MyChart is exactly what it sounds like. It gives you your chart, including the medications you’re taking and have taken, your immunization history, and your lab results, so you can give it to your next doctor. This is especially important for low-income Americans, who tend to both have more trouble finding and keeping a primary care doctor and who tend to have more long-term health problems, making it especially important for their doctors to have access to their health histories. It also saves them money in copays and deductibles for redundant tests and treatments.

5. Helping Moms Get Accurate Prenatal Information

Text4Baby texts expectant mothers information about prenatal care, labor, breastfeeding, developmental milestones, and vaccines at the appropriate intervals based on where they are in their pregnancies.

This free app will send texts in English or Spanish. Half of the approximately one million women the app has helped make less $16,000 per year.

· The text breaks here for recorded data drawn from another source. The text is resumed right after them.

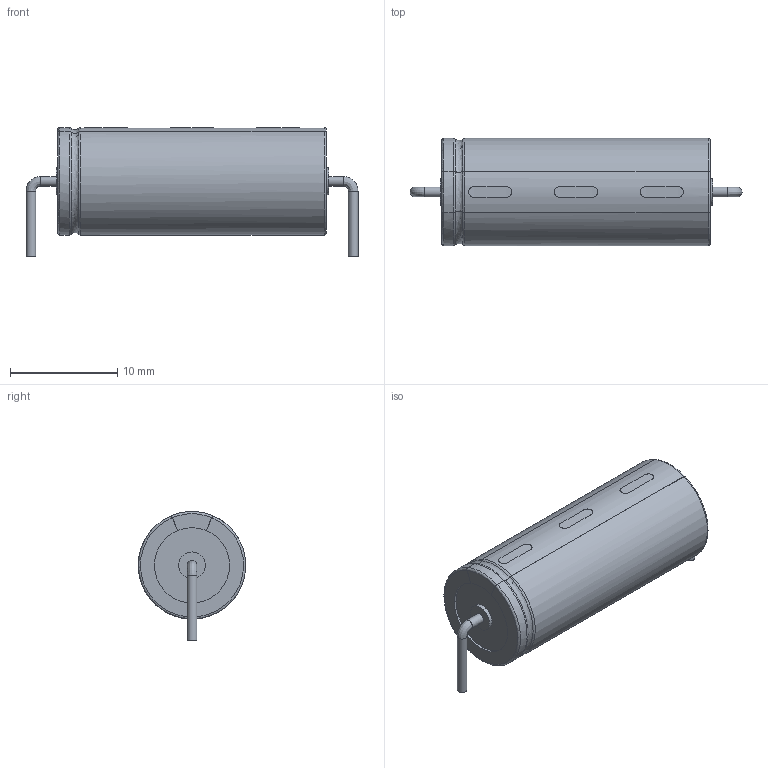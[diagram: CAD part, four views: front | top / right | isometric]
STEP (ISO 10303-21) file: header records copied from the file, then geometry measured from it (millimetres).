
FILE_DESCRIPTION(/* description */ ('model of CP_Axial_L25.0mm_D10.0mm_P30.00mm_Horizontal'),/* implementation_level */ '2;1');
FILE_NAME(/* name */ 'CP_Axial_L25.0mm_D10.0mm_P30.00mm_Horizontal.step',/* time_stamp */ '2018-04-20T19:54:58',/* author */ ('kicad StepUp','ksu'),/* organization */ ('OCC'),/* preprocessor_version */ '',/* originating_system */ 'kicad StepUp',/* authorisation */ '');
FILE_SCHEMA(('AUTOMOTIVE_DESIGN_CC2 { 1 2 10303 214 -1 1 5 4 }'));
Length unit declared in the file: millimetre
Products named in the file (1): CP_Axial_L250mm_D100mm_P3000mm_Horizontal
Bounding box: 30.9 x 10 x 12.02 mm (x, y, z)
Volume: 1959.7 mm3; surface area: 1081.2 mm2
Topology: 1 solids, 2 shells, 73 faces, 185 edges, 122 vertices
Faces by surface type: cylinder 32, plane 29, revolution 6, bspline 4, torus 2
Full cylindrical faces by diameter (mm): 0.9 x5, 2.5 x2
Entity records: 2244 total; most frequent: CARTESIAN_POINT 895, ORIENTED_EDGE 292, EDGE_CURVE 185, VERTEX_POINT 122, AXIS2_PLACEMENT_3D 104, FACE_BOUND 81, EDGE_LOOP 81, ADVANCED_FACE 73
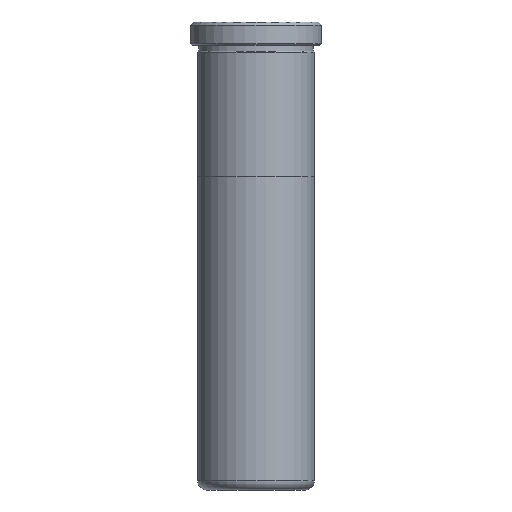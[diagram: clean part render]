
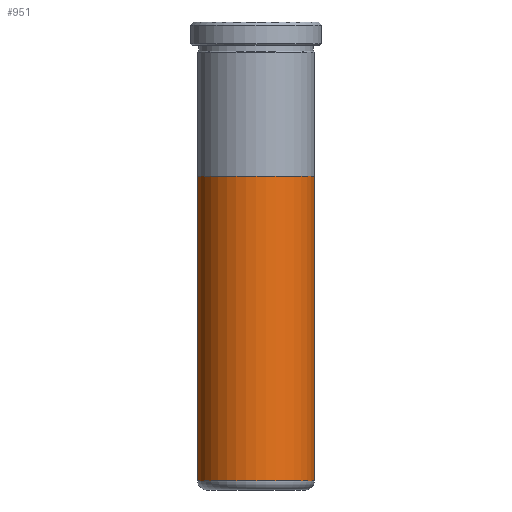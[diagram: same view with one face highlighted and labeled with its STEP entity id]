
A CAD part, front view. The second image highlights one B-rep face of the part: STEP entity #951.
In plain terms, the highlighted cylindrical face has radius 12.495 mm (diameter 24.99 mm), a partial arc.
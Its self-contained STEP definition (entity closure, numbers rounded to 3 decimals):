
#20 = DIRECTION ( 'NONE',  ( 0., 0., -1. ) ) ;
#52 = LINE ( 'NONE', #514, #957 ) ;
#58 = CYLINDRICAL_SURFACE ( 'NONE', #123, 12.495 ) ;
#79 = DIRECTION ( 'NONE',  ( 0., 0., -1. ) ) ;
#83 = VERTEX_POINT ( 'NONE', #958 ) ;
#106 = FACE_OUTER_BOUND ( 'NONE', #403, .T. ) ;
#123 = AXIS2_PLACEMENT_3D ( 'NONE', #1415, #20, #1209 ) ;
#213 = CIRCLE ( 'NONE', #1101, 12.495 ) ;
#218 = CARTESIAN_POINT ( 'NONE',  ( 0., 0., 67. ) ) ;
#266 = AXIS2_PLACEMENT_3D ( 'NONE', #633, #1396, #750 ) ;
#342 = DIRECTION ( 'NONE',  ( 1., 0., 0. ) ) ;
#403 = EDGE_LOOP ( 'NONE', ( #1362, #1074, #578, #1286 ) ) ;
#416 = EDGE_CURVE ( 'NONE', #1303, #902, #1470, .T. ) ;
#450 = EDGE_CURVE ( 'NONE', #1303, #83, #213, .T. ) ;
#514 = CARTESIAN_POINT ( 'NONE',  ( 12.495, 0., 95. ) ) ;
#516 = EDGE_CURVE ( 'NONE', #902, #600, #1279, .T. ) ;
#522 = EDGE_CURVE ( 'NONE', #83, #600, #52, .T. ) ;
#578 = ORIENTED_EDGE ( 'NONE', *, *, #416, .T. ) ;
#600 = VERTEX_POINT ( 'NONE', #648 ) ;
#633 = CARTESIAN_POINT ( 'NONE',  ( 0., 0., 2. ) ) ;
#648 = CARTESIAN_POINT ( 'NONE',  ( 12.495, 0., 2. ) ) ;
#750 = DIRECTION ( 'NONE',  ( 1., 0., 0. ) ) ;
#902 = VERTEX_POINT ( 'NONE', #1443 ) ;
#951 = ADVANCED_FACE ( 'NONE', ( #106 ), #58, .T. ) ;
#957 = VECTOR ( 'NONE', #1292, 1000. ) ;
#958 = CARTESIAN_POINT ( 'NONE',  ( 12.495, 0., 67. ) ) ;
#1046 = CARTESIAN_POINT ( 'NONE',  ( -12.495, 0., 95. ) ) ;
#1058 = DIRECTION ( 'NONE',  ( 0., 0., 1. ) ) ;
#1074 = ORIENTED_EDGE ( 'NONE', *, *, #450, .F. ) ;
#1101 = AXIS2_PLACEMENT_3D ( 'NONE', #218, #1058, #342 ) ;
#1209 = DIRECTION ( 'NONE',  ( -1., 0., 0. ) ) ;
#1279 = CIRCLE ( 'NONE', #266, 12.495 ) ;
#1286 = ORIENTED_EDGE ( 'NONE', *, *, #516, .T. ) ;
#1292 = DIRECTION ( 'NONE',  ( 0., 0., -1. ) ) ;
#1303 = VERTEX_POINT ( 'NONE', #1334 ) ;
#1334 = CARTESIAN_POINT ( 'NONE',  ( -12.495, 0., 67. ) ) ;
#1362 = ORIENTED_EDGE ( 'NONE', *, *, #522, .F. ) ;
#1396 = DIRECTION ( 'NONE',  ( 0., 0., 1. ) ) ;
#1403 = VECTOR ( 'NONE', #79, 1000. ) ;
#1415 = CARTESIAN_POINT ( 'NONE',  ( 0., 0., 95. ) ) ;
#1443 = CARTESIAN_POINT ( 'NONE',  ( -12.495, 0., 2. ) ) ;
#1470 = LINE ( 'NONE', #1046, #1403 ) ;
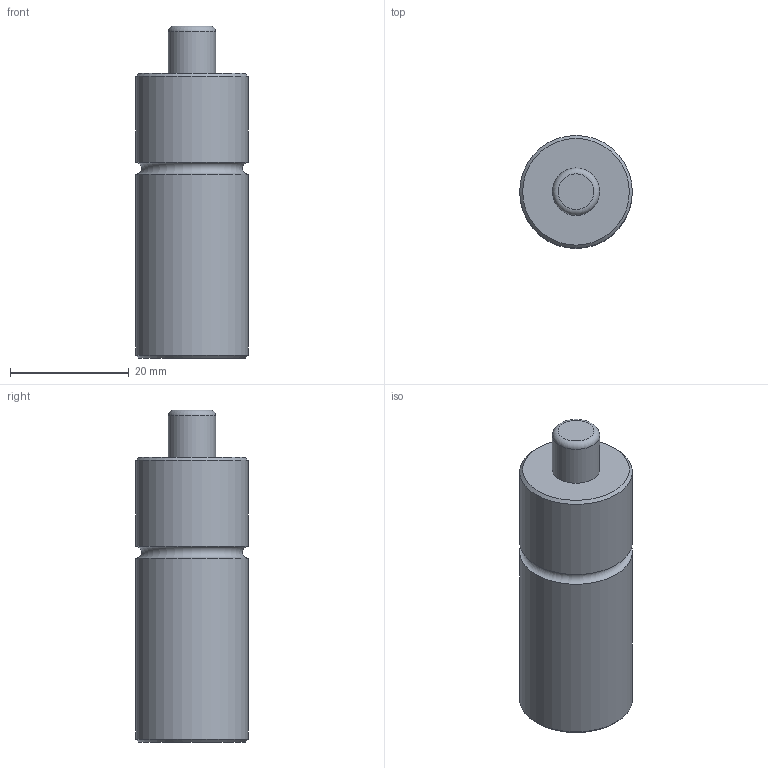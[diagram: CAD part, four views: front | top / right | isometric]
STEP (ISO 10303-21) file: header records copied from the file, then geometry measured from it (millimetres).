
FILE_DESCRIPTION(/* description */ ('STEP AP203'),/* implementation_level */ '2;1');
FILE_NAME(/* name */ 'K19_007_A.stp',/* time_stamp */ '2019-07-10T15:40:17+03:00',/* author */ ('Doğan'),/* organization */ (''),/* preprocessor_version */ 'ST-DEVELOPER v18',/* originating_system */ 'Autodesk Inventor 2020',/* authorisation */ '');
FILE_SCHEMA (('AUTOMOTIVE_DESIGN { 1 0 10303 214 3 1 1 }'));
Length unit declared in the file: millimetre
Products named in the file (1): K19_007_A
Bounding box: 19 x 19 x 56 mm (x, y, z)
Volume: 13675.6 mm3; surface area: 3819.8 mm2
Topology: 1 solids, 1 shells, 15 faces, 39 edges, 28 vertices
Faces by surface type: cylinder 5, cone 4, plane 4, torus 2
Full cylindrical faces by diameter (mm): 4 x1, 5 x1, 8 x1, 19 x2
Entity records: 526 total; most frequent: DIRECTION 99, CARTESIAN_POINT 82, ORIENTED_EDGE 76, AXIS2_PLACEMENT_3D 45, EDGE_CURVE 38, CIRCLE 29, VERTEX_POINT 28, EDGE_LOOP 18

6. Helping People Take their Medications On Time and in the Right Dose

Medication adherence is a $300 billion problem and one of the leading causes for hospital readmission. Language barriers hinder effective communication between doctors and patients. The fact that doctors tend to spend as little time as possible with patients, and spend the majority of that tiny bit of time looking at a computer screen exacerbates the situation. Low-education and high stress can make understanding complex instructions and remembering when to take what a challenge.

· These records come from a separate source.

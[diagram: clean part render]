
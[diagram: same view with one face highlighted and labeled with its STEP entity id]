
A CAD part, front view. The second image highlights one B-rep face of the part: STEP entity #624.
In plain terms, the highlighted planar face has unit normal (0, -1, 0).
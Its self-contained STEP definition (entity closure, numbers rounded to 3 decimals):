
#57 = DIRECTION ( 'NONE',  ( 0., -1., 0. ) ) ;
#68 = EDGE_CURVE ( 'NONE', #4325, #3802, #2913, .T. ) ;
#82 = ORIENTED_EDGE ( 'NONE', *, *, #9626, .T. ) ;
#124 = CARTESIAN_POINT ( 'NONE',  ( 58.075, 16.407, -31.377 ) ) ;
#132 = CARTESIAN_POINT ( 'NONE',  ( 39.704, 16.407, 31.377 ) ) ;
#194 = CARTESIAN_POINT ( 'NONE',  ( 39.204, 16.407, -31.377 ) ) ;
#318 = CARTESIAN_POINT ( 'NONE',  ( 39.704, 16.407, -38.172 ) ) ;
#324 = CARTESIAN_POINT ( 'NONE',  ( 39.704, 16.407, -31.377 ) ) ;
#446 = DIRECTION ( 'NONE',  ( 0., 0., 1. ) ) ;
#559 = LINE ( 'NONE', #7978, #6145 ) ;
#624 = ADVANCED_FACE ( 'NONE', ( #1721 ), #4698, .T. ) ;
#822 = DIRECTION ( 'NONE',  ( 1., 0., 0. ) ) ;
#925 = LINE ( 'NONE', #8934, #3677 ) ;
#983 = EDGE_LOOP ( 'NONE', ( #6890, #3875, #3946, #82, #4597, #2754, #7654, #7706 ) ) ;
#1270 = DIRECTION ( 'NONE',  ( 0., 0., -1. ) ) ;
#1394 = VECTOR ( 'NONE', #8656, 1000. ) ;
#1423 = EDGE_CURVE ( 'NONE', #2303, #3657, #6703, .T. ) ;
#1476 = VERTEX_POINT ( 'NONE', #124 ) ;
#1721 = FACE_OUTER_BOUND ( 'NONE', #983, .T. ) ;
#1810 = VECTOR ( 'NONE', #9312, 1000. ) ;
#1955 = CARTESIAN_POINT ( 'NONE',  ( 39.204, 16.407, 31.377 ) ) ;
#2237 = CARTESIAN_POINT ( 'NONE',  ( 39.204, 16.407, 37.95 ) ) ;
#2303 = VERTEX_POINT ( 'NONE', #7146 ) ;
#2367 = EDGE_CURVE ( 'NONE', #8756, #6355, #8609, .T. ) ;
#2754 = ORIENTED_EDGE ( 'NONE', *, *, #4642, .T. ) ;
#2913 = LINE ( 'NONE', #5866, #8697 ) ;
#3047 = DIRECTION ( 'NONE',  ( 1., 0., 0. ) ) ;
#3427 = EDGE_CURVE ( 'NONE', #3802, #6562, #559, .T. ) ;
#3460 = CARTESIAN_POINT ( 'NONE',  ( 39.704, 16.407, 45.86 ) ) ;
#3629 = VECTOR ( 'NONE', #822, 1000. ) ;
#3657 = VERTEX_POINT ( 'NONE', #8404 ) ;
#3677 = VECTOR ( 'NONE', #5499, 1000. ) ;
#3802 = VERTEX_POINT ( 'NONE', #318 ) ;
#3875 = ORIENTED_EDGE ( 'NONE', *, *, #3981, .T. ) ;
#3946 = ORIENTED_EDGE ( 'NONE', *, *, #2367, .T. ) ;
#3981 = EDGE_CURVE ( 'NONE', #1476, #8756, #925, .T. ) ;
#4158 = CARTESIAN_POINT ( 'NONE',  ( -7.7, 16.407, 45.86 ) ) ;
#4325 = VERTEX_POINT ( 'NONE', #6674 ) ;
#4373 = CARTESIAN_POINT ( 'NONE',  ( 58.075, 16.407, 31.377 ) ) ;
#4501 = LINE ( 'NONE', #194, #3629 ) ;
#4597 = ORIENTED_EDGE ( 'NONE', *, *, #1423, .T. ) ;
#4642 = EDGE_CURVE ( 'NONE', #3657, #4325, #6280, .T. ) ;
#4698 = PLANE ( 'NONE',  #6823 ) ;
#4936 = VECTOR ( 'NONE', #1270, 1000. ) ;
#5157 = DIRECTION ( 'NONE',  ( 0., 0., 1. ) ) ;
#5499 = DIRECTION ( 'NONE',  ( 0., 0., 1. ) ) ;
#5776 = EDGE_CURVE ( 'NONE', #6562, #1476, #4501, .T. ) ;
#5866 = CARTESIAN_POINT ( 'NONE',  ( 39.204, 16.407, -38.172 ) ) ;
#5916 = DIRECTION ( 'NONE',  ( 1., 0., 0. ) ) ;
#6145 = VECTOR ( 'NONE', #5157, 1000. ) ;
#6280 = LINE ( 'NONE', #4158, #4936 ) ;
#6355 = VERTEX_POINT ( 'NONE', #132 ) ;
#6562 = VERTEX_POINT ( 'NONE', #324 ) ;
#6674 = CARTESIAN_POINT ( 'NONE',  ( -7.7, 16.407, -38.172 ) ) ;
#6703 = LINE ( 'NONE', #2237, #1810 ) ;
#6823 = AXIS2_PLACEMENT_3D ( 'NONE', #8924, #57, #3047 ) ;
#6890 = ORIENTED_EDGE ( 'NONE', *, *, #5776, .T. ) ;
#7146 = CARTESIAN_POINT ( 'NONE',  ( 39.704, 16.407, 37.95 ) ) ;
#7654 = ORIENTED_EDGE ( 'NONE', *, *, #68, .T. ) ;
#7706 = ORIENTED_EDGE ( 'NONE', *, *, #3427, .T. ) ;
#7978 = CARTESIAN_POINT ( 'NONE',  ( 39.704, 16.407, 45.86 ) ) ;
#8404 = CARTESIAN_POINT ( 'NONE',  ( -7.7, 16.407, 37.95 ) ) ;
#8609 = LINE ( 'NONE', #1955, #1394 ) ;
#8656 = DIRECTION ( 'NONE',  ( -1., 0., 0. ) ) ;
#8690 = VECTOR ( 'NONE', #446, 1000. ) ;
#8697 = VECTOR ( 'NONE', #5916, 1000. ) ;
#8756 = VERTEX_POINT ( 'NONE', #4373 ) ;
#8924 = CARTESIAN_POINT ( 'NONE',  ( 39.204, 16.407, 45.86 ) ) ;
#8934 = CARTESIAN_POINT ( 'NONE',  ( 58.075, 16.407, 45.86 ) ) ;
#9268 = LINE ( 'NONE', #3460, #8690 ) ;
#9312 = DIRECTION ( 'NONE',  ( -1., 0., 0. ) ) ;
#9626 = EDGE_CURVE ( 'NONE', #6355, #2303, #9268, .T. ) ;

There are at least 11 apps, most of them free, the rest low-cost, aimed at helping patients take their medications correctly and on time.

Conclusion

“Inequality isn’t purely about income,” Ciara Byrne wrote for Fast Company. “It’s about information and status and opportunity.”

After decades of government meddling in the market for health insurance, perverse incentives have jacked up the cost of even routine healthcare beyond what ordinary Americans can afford on their own.

Not only are low-income Americans shuttled into second-rate healthcare systems, but until now they’ve not had the information, status, or opportunity to easily access high-quality healthcare.

While it’s true that most “digital health” app innovation “really is targeted at solving problems for wealthy individuals,” says Veenu Aulakh, Executive Director of the Center for Care Innovations, an Oakland-based nonprofit that works to improve health care for underserved patients.

“What if we could harness the energy of the larger innovation sector for some of these really critical issues facing vulnerable populations in this country?”

Yes, innovation usually starts at the top, solving problems for an elite so privileged that they can afford to try out new tech which might or might not be worth it. But winning apps end up helping everyone as innovators invest in scaling their successful med tech. Unfortunately with government the opposite usually happens. Programs aimed at providing for low-income Americans, like Obamacare, end up mostly helping health insurers.

Venture funding for the digital health industry is estimated at $4.5 billion in 2015. The healthcare.gov website alone cost taxpayers over $2 billion.

When it comes to who’s helping Americans afford their healthcare, don’t look to the guys in suits in Washington, look at the guys in hoodies in the San Francisco Bay.